St. Jude Medical (NYSE:STJ)
Relative to its current sales base, St. Jude may have the most to gain from its R&D pipeline of anyone on this list. Like Medtronic, St. Jude is working on device-based approaches to atrial fibrillation and hypertension (renal ablation) that could be worth hundreds of millions, if not billions, in device sales. St. Jude also has a host of products under development in cardiac repair (four $1 billion opportunities in the pipeline) and neurostimulation that look to have relatively little direct competition.
One of the biggest questions for St. Jude is whether it can maintain, or gain, share in its pacemaker/ICD business. Recent recalls have dented the business and Medtronic has seen a lot of interest in its MRI-safe pacemakers. Still, BSX remains a feeble competitor and it is not as though St. Jude is not developing its own pipeline of next-generation devices.
St. Jude also has a host of smaller profitable businesses that could represent low-risk call options on future growth. St. Jude's wireless monitoring technology could emerge as a differentiating technology in the pacemaker/ICD space, while the electrophysiology business is an underappreciated growth opportunity as data continues to build on the benefits of functional measurement in cardiac care.
This company pays a respectable dividend today and arguably has the largest number of billion-dollar projects in its pipeline. Not all of these are likely to work out as planned, of course, but buying St. Jude shares in the mid-$30's looks like a great growth/value trade-off.
Stryker is best known by most investors for its orthopedics business, but the MedSurg surgical equipment, endoscope, and patient handling business is nearly as large, and the neurovascular/spine is likely to be the real growth leader in the near term. The neurovascular business in particular offers substantial long-range R&D potential and the company can benefit in the near term simply by correcting for the mistakes and underinvestment made by former owner Boston Scientific.
Stryker may soon be facing some interesting questions about whether to reinvest in its orthopedics business or diversify even further. Stryker has a solid hip and knee business, but may want to consider trying to increase its exposure in spine and trauma relative to JNJ and Medtronic or expand into extremities. In the meantime, Stryker's relatively lower exposure to Europe should be a help in 2012 and growth in neurovascular and MedSurg can offset ongoing sluggishness in orthopedics.
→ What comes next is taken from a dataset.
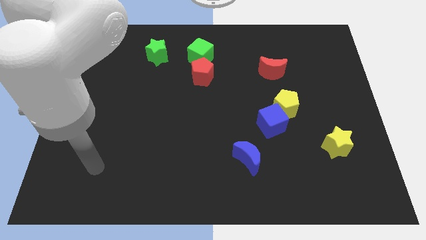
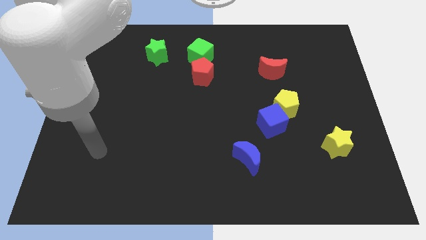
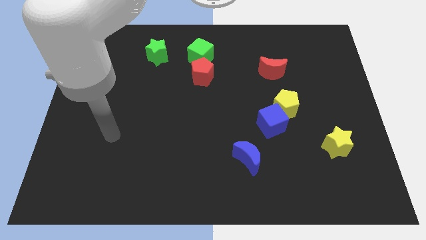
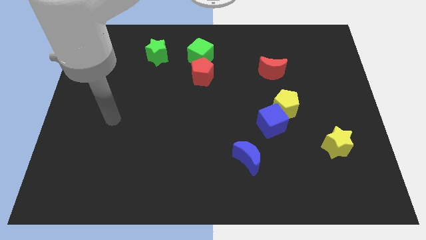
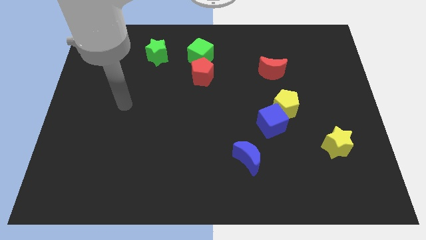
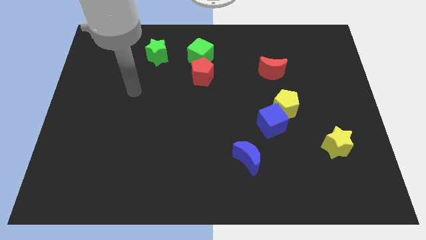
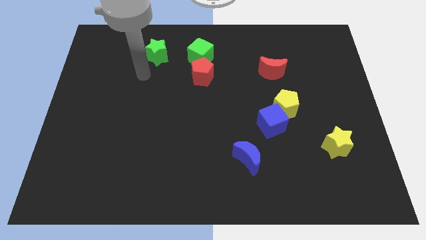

Stryker is another double-digit ROIC name, and one that pays a decent dividend and has solid growth prospects. Buying Stryker in the low $50's looks like a bargain.
The Bottom Line
Any or all of the five names listed here should reward patient investors in the years to come, though 2012 is apt to be another sluggish year. There is also a wide range of stories here to appeal to investors - from Bard's subtle market leadership to St. Jude's multiple flashy growth opportunities to Covidien's current sales execution. Clearly investors must do their own due diligence, but there certainly look to be multiple interesting opportunities like medical technology today.
Disclosure: I have no positions in any stocks mentioned, and no plans to initiate any positions within the next 72 hours.